● **Activity**
Please reproduce the data exactly, excluding any pictures it contains.
□ □ □
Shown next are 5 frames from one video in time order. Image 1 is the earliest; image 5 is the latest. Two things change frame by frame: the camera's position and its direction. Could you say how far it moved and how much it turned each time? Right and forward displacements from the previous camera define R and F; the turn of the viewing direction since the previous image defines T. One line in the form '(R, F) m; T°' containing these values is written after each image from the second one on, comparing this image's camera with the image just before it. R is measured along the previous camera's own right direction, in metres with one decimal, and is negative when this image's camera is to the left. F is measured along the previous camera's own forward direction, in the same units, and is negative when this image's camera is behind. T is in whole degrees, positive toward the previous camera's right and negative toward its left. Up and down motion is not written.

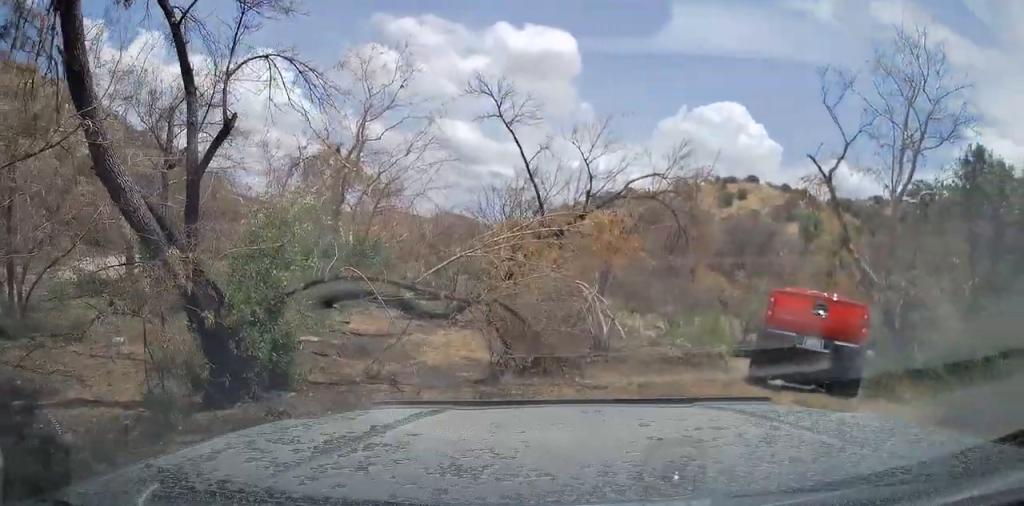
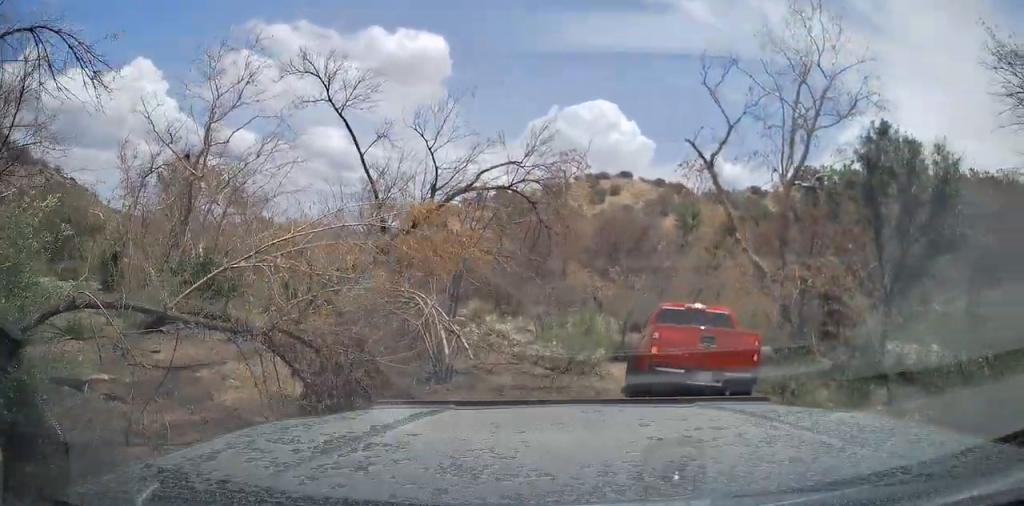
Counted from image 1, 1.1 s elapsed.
(+0.5, +2.4) m; +22°
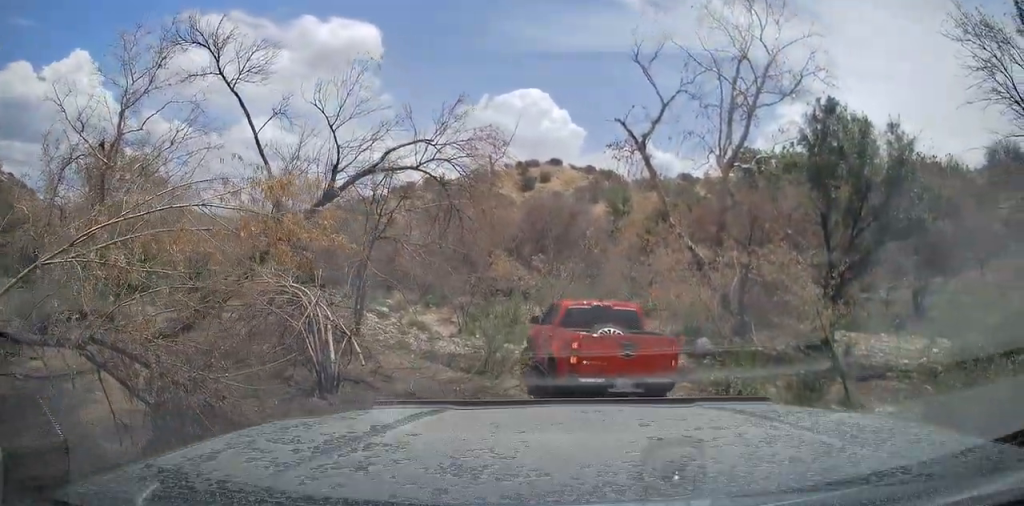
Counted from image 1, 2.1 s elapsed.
(+0.2, +1.7) m; +6°
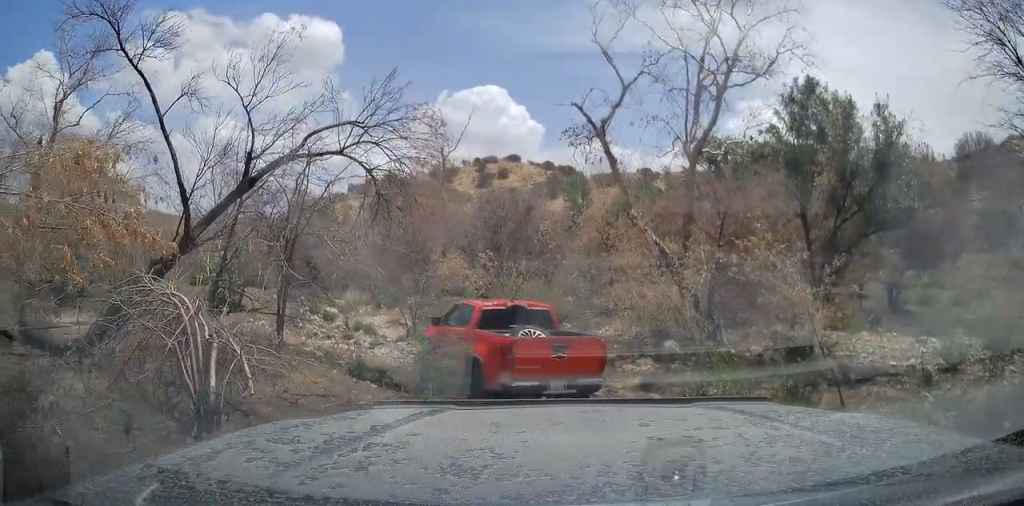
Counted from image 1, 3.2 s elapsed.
(-0.1, +1.8) m; -2°
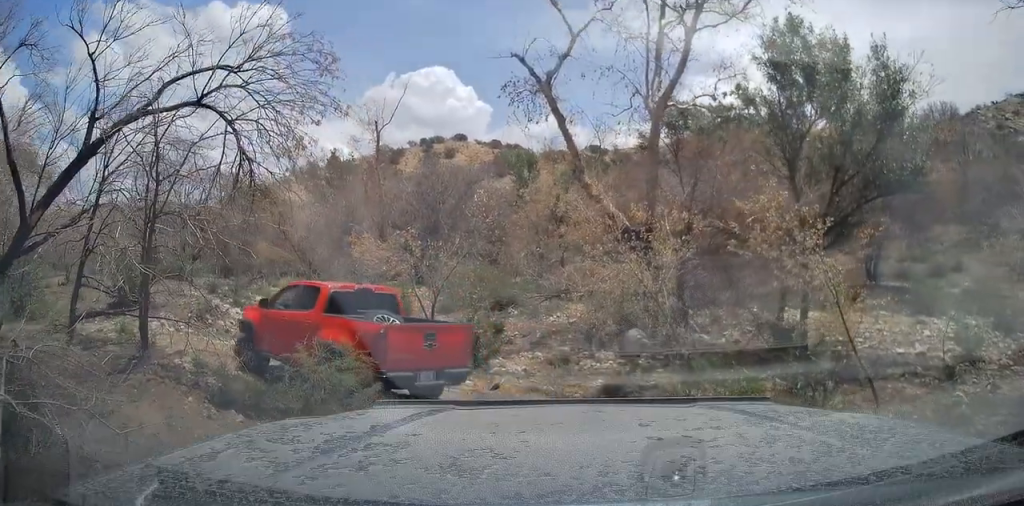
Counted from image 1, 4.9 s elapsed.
(+0.1, +2.5) m; -3°
□ □ □
● **Answer box**
Shown next are 5 frames from one video in time order. Image 1 is the earliest; image 5 is the latest. Two things change frame by frame: the camera's position and its direction. Could you say how far it moved and how much it turned each time? Right and forward displacements from the previous camera define R and F; the turn of the viewing direction since the previous image defines T. One line in the form '(R, F) m; T°' containing these values is written after each image from the second one on, comparing this image's camera with the image just before it. R is measured along the previous camera's own right direction, in metres with one decimal, and is negative when this image's camera is to the left. F is measured along the previous camera's own forward direction, in the same units, and is negative when this image's camera is behind. T is in whole degrees, positive toward the previous camera's right and negative toward its left. Up and down motion is not written.

Counted from image 1, 1.1 s elapsed.
(+0.5, +2.4) m; +22°
Counted from image 1, 2.1 s elapsed.
(+0.2, +1.7) m; +6°
Counted from image 1, 3.2 s elapsed.
(-0.1, +1.8) m; -2°
Counted from image 1, 4.9 s elapsed.
(+0.1, +2.5) m; -3°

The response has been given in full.